As the carriage began its journey toward the distant, desolate mountains, I couldn't help but consider my uncertain future—to be hidden away in that harsh, lonely landscape for more than ten years. All for the purpose of being sold to the highest bidder one day, like unwanted cargo with no love or value for an ugly thing like us?

Terror gripped me at the thought of being trapped in someone else's cruel fate. But then a blinding light fragmented my vision. The nursemaid's face dissolved into brilliant whiteness. 

An invisible force tugged at my soul, violently pulling me away like a fish on a line. I fought against it, thrashing, but it was no use. The light engulfed me fully.

"Zayn!" My mother's panicked voice cut through. Suddenly I was back on that street, my broken body lying motionless. 

"We have a pulse! Stay back!" A paramedic shouted.

"That's my son!" My father's sceam stunned me. I had never heard such raw emotion from him before.

If only I could reach out, let them see I was still here, still alive.

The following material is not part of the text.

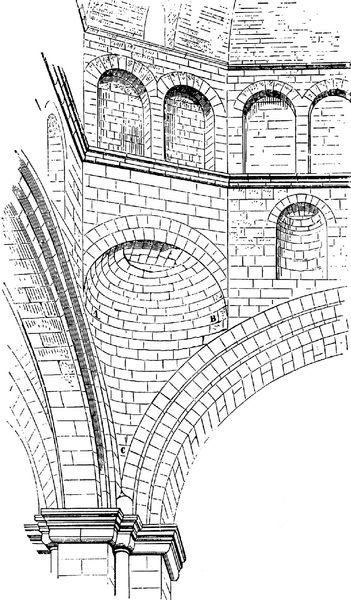
Titel: Dom St. Peter und Paul in Worms
Standort: Worms, Dom (EU - D - RP)
Schlagwörter: fenster, pfeiler, skizze, säule, säulen, zeichnung, gebäude, architektur, stein, steine, kirche, bogen, fassade, kuppel, romantik, detail, bögen, fugen, nische, gewölbe, burg, balustrade, schnitt, entwurf, schema, kapitelle, kapitell, sims, gesims, simse, romanik, plan, backsteine, aufriss, nischen, ziegelstein, kirchenbau, b, h, c, bogen säule, penditiv, rompe

But I remained paralyzed, each ragged breath a battle. As much as my life sucked ass before, I didn't want this alternative Darshkova forced upon me.

The fleeting sensation of my father's hot tears on my face, my mother's hand clutching mine—that heart-wrenching moment ended as abruptly as the blinding light had taken me.

[ "As punishment for not selecting a username, we've randomized your race and class." ]

A crisp feminine voice echoed all around me as floating windows appeared.

[Status]

[Race: Human]

[Class: Thrall]

[Level: 1]

I snapped awake on a snowy field, clad in a thin white tunic offering little warmth. Other children around me shivered in matching rags.

"All you bastards, stand up straight!" A booming voice bellowed.

Barefoot, we scrambled into a rigid line on a raised wooden platform.

Heavy manacles bound our wrists and ankles, a cruel chain linking us all together like animals. Cheap goods for sale. Which, in this nightmare, we were.

The slaver, a hulking brute of a man, prowled before us with a pronounced limp. "Each of you has been assigned a number on those rags you're wearing," he snarled. "When I call it, you come forward. Understood?"

My gaze dropped to the faded digits scrawled across my shivering chest. As armored guards flanked the stairs with hands poised on their sword hilts, arrogance etched on their faces, I knew disobedience would be met with punishment.

This was really it. After over a decade imprisoned in that frozen, isolated hell, I was finally being sold, just as the nursemaid foretold. My second life stretched before me, more unforgiving than I could imagine.